Дело в том, что в XIV–XV веках государство еще не было той мощной административно-бюрократической системой, какой оно является сейчас. Даже если бы князь захотел заставить всех подданных жить по новым законам, он бы просто не смог этого сделать. Общество жило по сложившимся издревле правилам, которые оно считало справедливыми. И князь тоже вынужден был им следовать, хотя бы внешне.
Первые налоги, которые князья начали собирать с подданных, были очень простыми: налог с дыма — то есть с отапливаемого дома. Налог с купцов, собираемый на мостах и переправах, или за право ввоза-вывоза товара из города. Князья начали отдавать городки и деревни в кормление своим верным слугам — боярам и поместным дворянам именно потому, что сами не могли эффективно собирать с населения налоги.
Вообще, княжеская власть распространялась в полной мере только там, где князь присутствовал лично, со своей дружиной, или там, где присутствовал его законный представитель наместник, даруга, мытарь) с военным отрядом.
Еще одним институтом, обеспечивающим стабильность и законность в средневековом обществе, была церковь. Религия тогда была действительно совестью общества. Третейским судьей в спорах часто становился священнослужитель, для князей — епископ или митрополит. Церковь во многом формировала общественное мнение, поэтому князья были вынуждены постоянно искать поддержки церковных иерархов.
Итак, русский князь XIV–XV веков не был самовластным монархом, источником законности. В глазах общественного мнения князь был тем лидером, который должен за соблюдением этой законности следить. А сама законность — это «старина» — сложившийся издревле порядок, зафиксированный в «Русской правде» и других письменных юридических актах. Но понятие «старина» было гораздо шире, чем все письменно зафиксированные законы. Стариной становились и прецеденты — то есть предыдущие судебные решения, и неписаные, но всеми признаваемые обычаи.
Дмитрий Иванович Донской вступил на путь превращения московского княжества в российское самодержавное государство. Он попытался править самовластно — перестал считаться с общественным мнением, попытался подчинить себе митрополита всея Руси.
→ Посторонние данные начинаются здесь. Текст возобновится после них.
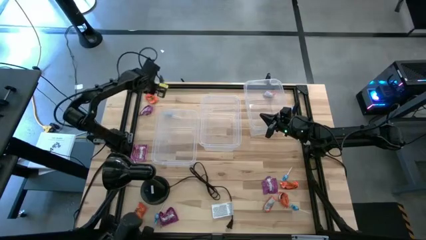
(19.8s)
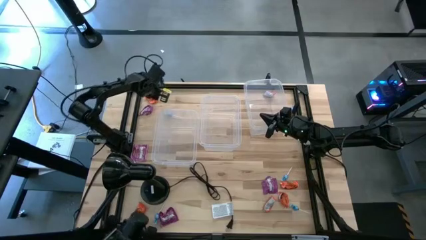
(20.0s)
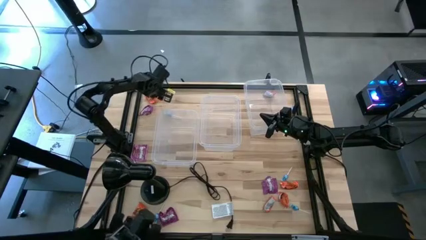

Такое мог себе позволить Иван Грозный в XVI веке. Но в XIV веке такое поведение князя было воспринято «в штыки».
ТАЙНЫЕ ПРУЖИНЫ ЗАГОВОРА
Итак, Дмитрий Иванович свергнут и изгнан восставшими подданными. Андрею Ольгердовичу и Дмитрию Ольгердовичу не на кого теперь надеяться в борьбе за литовский престол со своим старшим братом. Сам этот престол уходит под руку дяди Кейстута. И братья выступают за Ягайло. Результат — Вильно занят врагами Кейстута, а тот тщетно дожидается войск Дмитрия Ивановича и Тохтамыша, осаждая Новгород-Северский. Положение незавидное.
Ягайле даже на руку то, что мятеж в Москве вышел из-под контроля. Главной цели он добился — Дмитрий Донской свергнут, братья Ольгердовичи теперь за Ягайло, и на пути к власти над всей Литвой стоит только Кейстут. Возможно, приглашение Остея Дмитриевича в Москву было частью плана Ягайло. Послав своего сына князем в Москву, Дмитрий Ольгердович продемонстрировал свою лояльность брату.
Как только Дмитрий Константинович понимает, что заговорщики действуют не в его пользу и что он никак не сможет воспользоваться результатами мятежа, он сразу посылает навстречу приближающемуся Тохтамышу своих сыновей. Цель Василия и Семена Суздальских — перехватить армию Тохтамыша в пути и повернуть ее на Москву. Видимо, Дмитрий Константинович, «лучший друг всех ордынских ханов», надеется использовать появление царя в своих целях. Каковы в этот момент его намерения, точно определить невозможно. Может быть, он все еще надеется, теперь уже с помощью войск Тохтамыша, добыть себе великокняжеский стол, а может и нет. В любом случае он рассчитывает использовать ордынцев для подавления вышедшего из-под контроля мятежа. Конечно, его не устраивал самовластный князь Дмитрий Иванович на престоле. Дмитрию Константиновичу казалось (и, видимо, небезосновательно), что он сам с подобной ролью справится куда лучше. Но еще более неприемлемой ситуацией для нижегородского князя была победа Ягайлы, и совсем уж нетерпимой была для него вечевая московская вольница.